[SOURCE INFORMATION Boundary: Start]

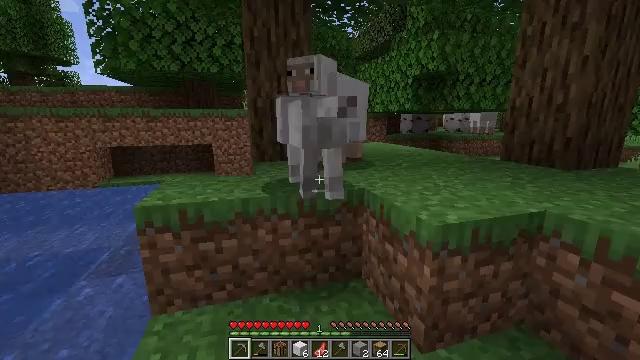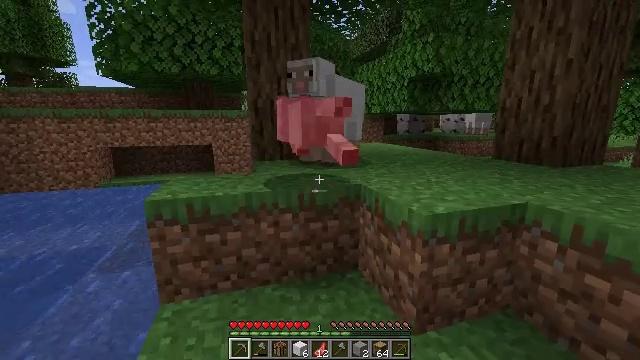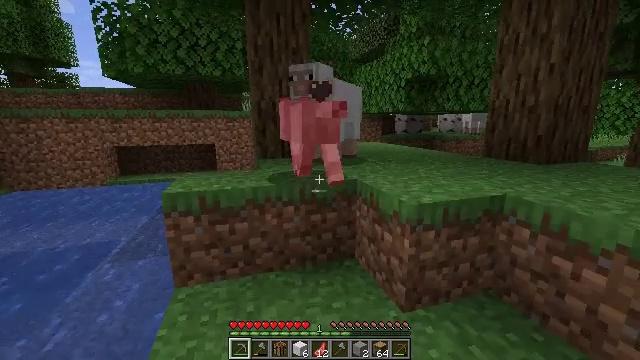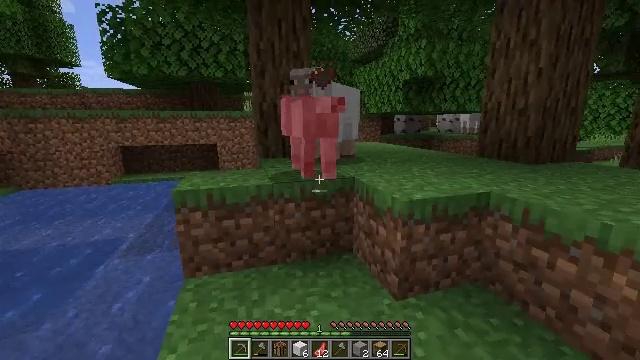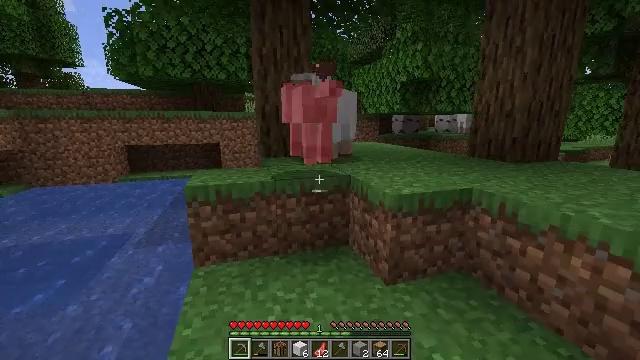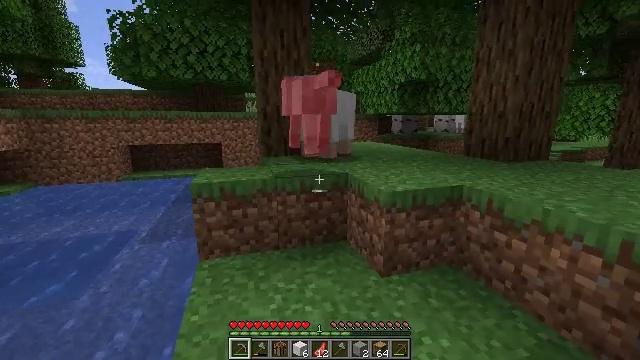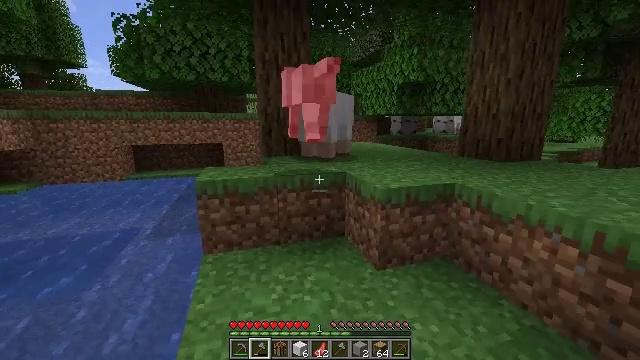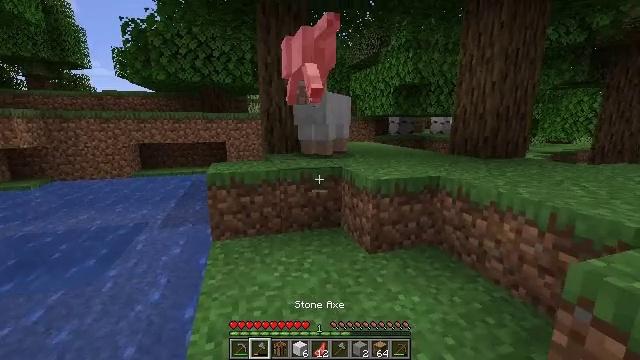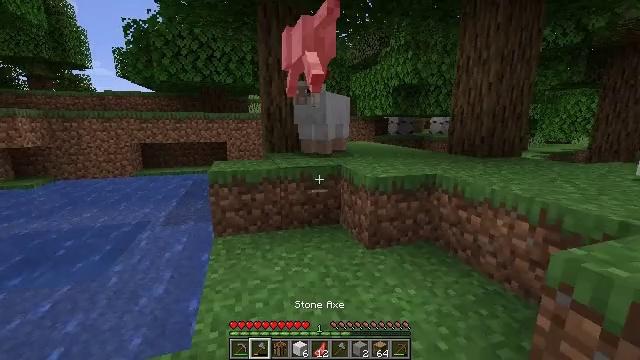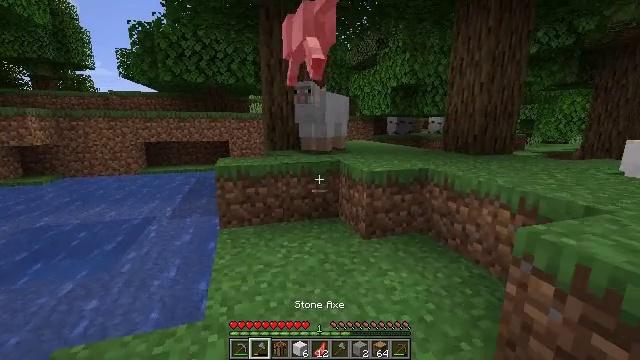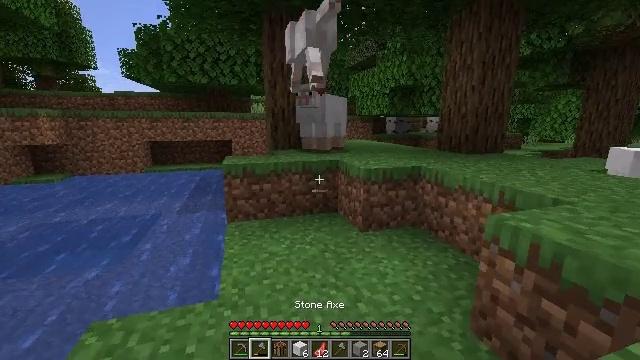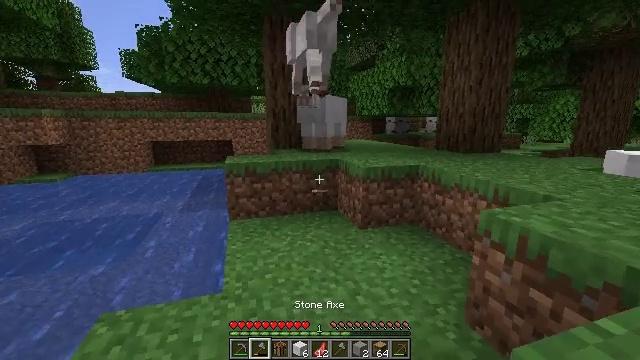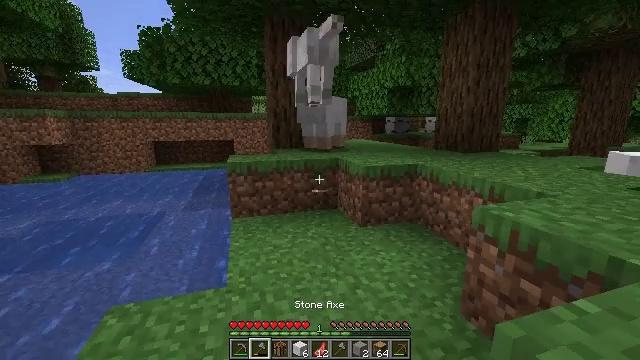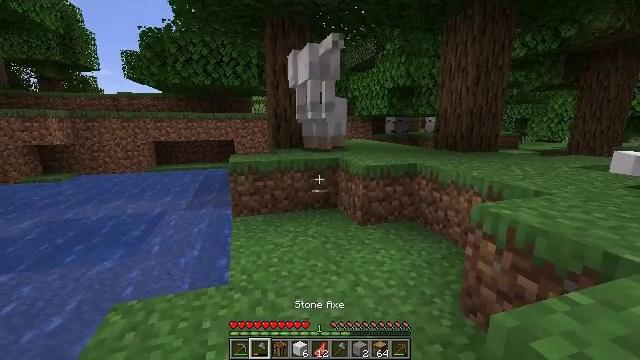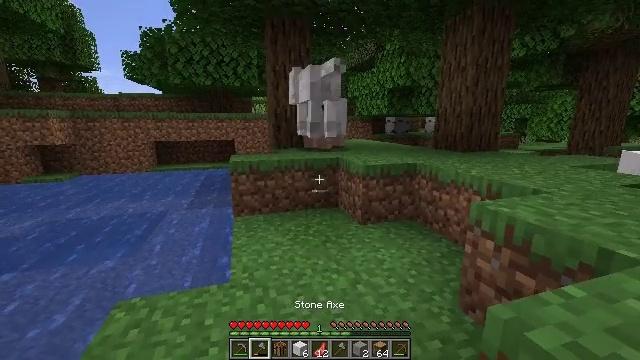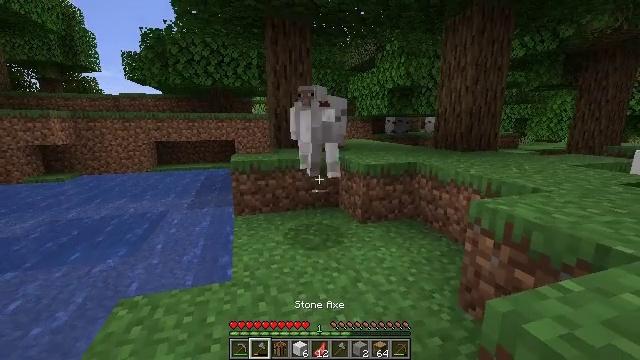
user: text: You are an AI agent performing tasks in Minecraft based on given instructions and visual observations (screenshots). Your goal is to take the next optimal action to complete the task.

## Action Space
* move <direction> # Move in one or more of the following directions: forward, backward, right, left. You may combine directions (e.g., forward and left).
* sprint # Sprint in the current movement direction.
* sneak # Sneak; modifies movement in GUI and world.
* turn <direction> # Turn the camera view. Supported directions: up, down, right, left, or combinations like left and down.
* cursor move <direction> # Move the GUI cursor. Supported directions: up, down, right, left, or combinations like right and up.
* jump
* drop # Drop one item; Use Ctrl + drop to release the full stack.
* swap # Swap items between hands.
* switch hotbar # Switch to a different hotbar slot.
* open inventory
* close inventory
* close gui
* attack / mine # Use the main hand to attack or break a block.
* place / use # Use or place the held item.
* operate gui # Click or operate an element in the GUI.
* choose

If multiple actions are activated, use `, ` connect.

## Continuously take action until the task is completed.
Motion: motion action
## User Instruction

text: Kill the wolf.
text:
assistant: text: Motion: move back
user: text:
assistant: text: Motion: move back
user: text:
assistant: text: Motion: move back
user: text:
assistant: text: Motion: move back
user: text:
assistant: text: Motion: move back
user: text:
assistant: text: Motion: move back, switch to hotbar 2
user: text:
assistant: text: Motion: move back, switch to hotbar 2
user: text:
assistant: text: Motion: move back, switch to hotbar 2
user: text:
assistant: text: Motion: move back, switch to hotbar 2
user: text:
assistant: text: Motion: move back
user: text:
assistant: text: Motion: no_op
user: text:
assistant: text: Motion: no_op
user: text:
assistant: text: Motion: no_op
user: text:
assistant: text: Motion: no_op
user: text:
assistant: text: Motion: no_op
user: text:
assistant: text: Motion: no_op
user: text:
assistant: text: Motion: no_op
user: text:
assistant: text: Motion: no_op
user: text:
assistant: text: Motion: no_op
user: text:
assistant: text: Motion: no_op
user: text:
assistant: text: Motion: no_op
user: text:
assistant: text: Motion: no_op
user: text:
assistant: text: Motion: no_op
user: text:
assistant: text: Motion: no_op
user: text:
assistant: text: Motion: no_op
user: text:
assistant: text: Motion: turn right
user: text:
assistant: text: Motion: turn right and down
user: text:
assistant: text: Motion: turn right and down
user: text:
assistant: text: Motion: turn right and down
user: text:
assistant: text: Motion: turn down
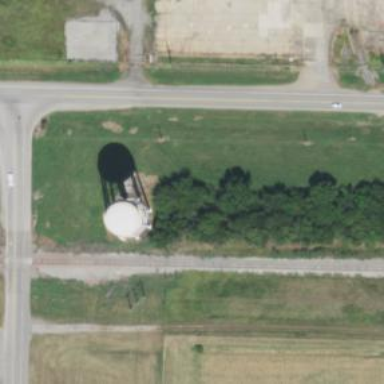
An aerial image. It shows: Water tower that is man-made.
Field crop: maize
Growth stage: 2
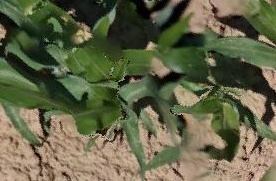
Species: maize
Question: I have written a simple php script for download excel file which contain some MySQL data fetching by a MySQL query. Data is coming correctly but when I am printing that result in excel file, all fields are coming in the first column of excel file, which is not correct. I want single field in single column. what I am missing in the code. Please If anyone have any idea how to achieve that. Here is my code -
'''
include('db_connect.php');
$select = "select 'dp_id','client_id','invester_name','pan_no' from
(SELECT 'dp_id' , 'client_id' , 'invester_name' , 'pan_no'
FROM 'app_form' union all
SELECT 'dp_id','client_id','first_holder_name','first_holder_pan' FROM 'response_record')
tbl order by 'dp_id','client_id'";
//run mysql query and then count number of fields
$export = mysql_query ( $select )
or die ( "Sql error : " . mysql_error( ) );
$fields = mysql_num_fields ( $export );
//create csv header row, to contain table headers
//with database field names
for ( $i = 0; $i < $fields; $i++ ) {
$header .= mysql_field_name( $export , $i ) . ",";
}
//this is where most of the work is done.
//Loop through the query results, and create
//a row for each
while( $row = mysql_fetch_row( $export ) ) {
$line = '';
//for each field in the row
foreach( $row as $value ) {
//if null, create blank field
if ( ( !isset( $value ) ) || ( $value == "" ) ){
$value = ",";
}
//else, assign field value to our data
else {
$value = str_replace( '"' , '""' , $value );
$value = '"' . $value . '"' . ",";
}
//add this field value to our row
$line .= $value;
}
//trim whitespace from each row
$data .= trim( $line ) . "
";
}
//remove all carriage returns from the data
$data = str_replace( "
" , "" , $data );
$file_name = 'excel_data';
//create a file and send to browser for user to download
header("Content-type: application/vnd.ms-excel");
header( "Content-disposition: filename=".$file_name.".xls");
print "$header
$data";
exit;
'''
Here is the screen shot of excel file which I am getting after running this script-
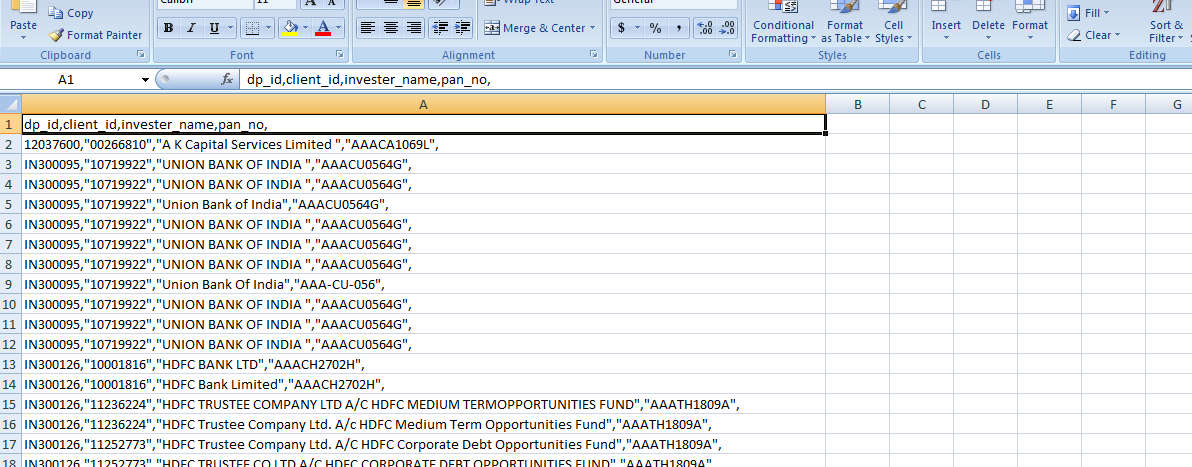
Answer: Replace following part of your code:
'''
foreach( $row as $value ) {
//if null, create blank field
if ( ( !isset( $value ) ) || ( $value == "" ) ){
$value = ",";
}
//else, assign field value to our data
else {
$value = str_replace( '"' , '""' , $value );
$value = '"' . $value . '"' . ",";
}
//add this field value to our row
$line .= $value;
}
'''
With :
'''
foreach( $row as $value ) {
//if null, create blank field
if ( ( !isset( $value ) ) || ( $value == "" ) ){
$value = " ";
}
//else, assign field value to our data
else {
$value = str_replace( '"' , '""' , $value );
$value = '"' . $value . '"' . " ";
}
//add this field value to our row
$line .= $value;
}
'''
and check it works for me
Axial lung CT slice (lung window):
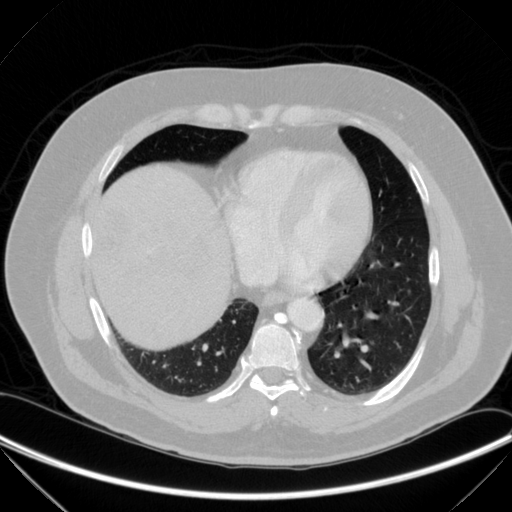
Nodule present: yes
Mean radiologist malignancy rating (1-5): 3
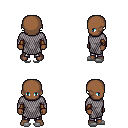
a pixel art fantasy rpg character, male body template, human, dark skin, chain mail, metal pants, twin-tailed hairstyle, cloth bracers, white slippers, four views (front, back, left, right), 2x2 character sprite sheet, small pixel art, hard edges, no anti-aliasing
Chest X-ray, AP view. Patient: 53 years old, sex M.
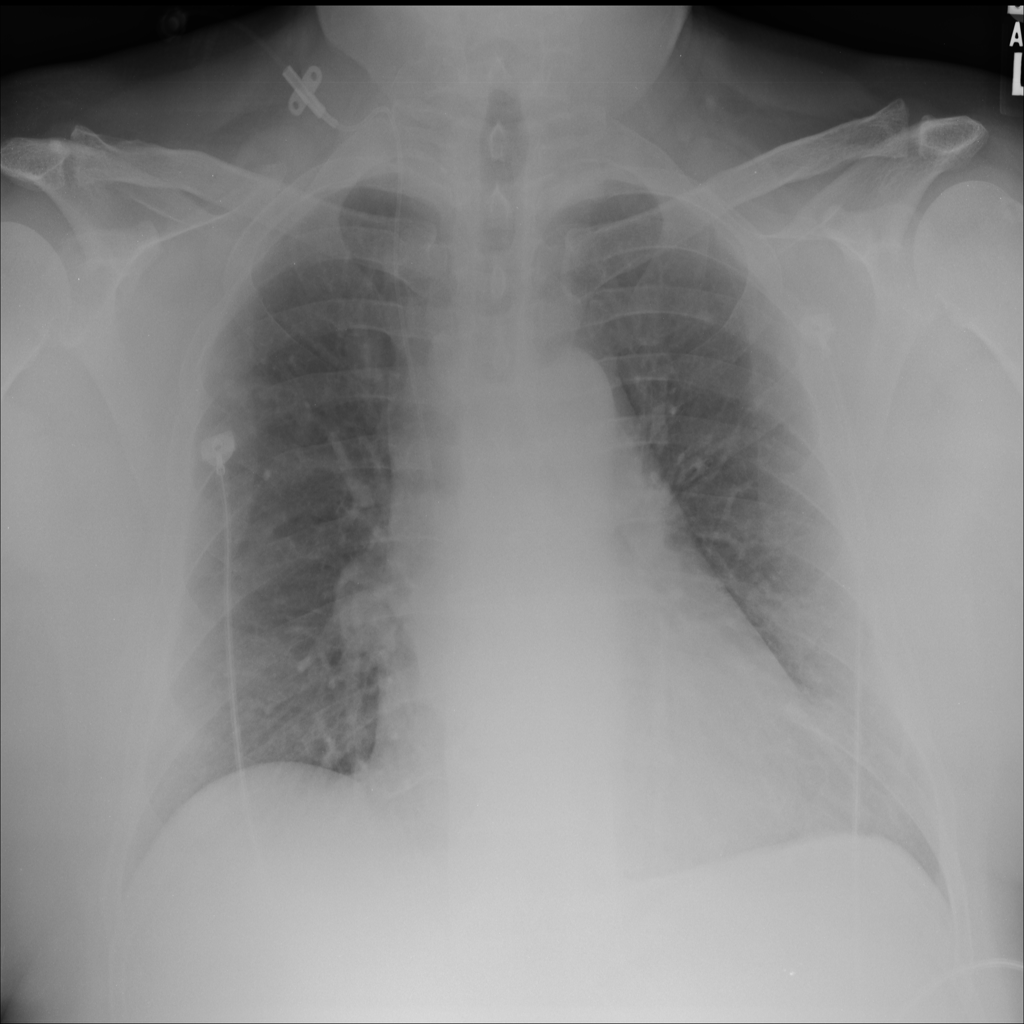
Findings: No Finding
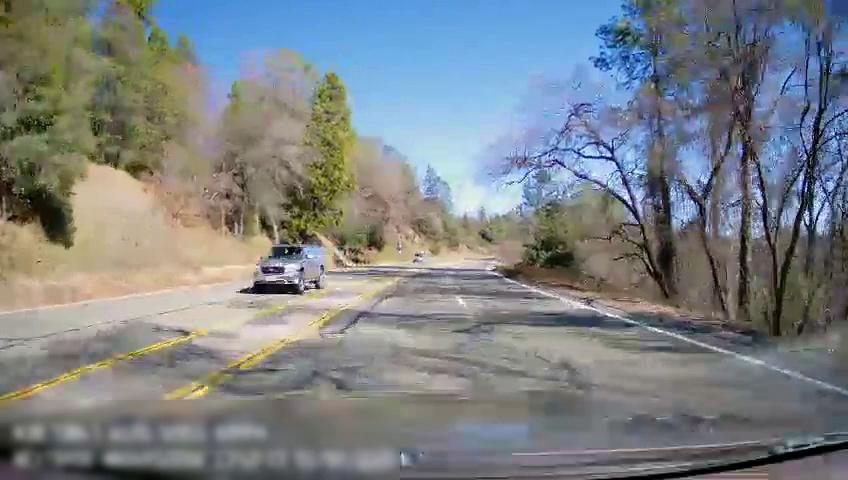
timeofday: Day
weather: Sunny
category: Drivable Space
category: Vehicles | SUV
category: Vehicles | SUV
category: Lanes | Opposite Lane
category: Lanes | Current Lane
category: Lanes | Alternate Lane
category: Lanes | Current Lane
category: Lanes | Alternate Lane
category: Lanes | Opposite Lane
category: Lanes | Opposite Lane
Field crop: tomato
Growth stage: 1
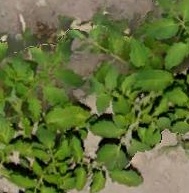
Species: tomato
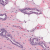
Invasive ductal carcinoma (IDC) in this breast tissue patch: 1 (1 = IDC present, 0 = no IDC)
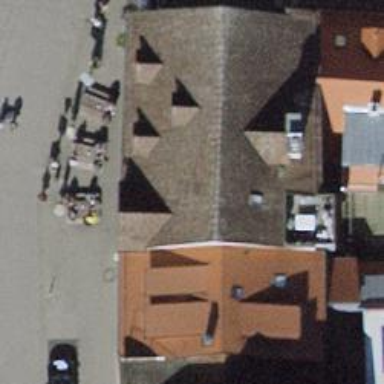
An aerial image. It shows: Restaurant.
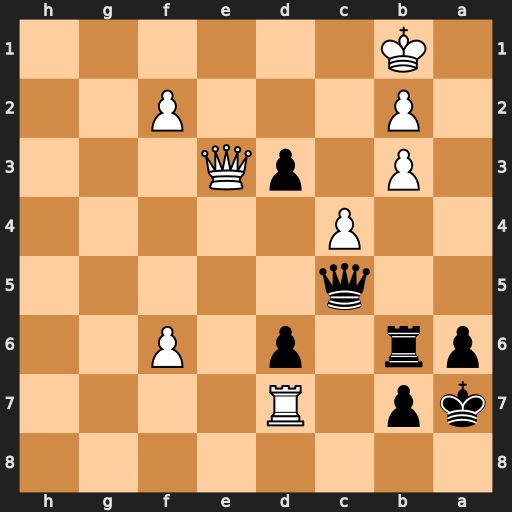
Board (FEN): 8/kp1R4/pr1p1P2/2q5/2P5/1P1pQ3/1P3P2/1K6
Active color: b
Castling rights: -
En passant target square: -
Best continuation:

[SOURCE INFORMATION Boundary: End]

TASK TO COMPLETE.
Nothing but the lines from the one holding "Findings: No Finding" to the end of the entries above should be echoed, exactly and with both ends included; omit the pictures.

OUTPUT.
Findings: No Finding
timeofday: Day
weather: Sunny
category: Drivable Space
category: Vehicles | SUV
category: Vehicles | SUV
category: Lanes | Opposite Lane
category: Lanes | Current Lane
category: Lanes | Alternate Lane
category: Lanes | Current Lane
category: Lanes | Alternate Lane
category: Lanes | Opposite Lane
category: Lanes | Opposite Lane
Field crop: tomato
Growth stage: 1
Species: tomato
Invasive ductal carcinoma (IDC) in this breast tissue patch: 1 (1 = IDC present, 0 = no IDC)
An aerial image. It shows: Restaurant.
Board (FEN): 8/kp1R4/pr1p1P2/2q5/2P5/1P1pQ3/1P3P2/1K6
Active color: b
Castling rights: -
En passant target square: -
Best continuation:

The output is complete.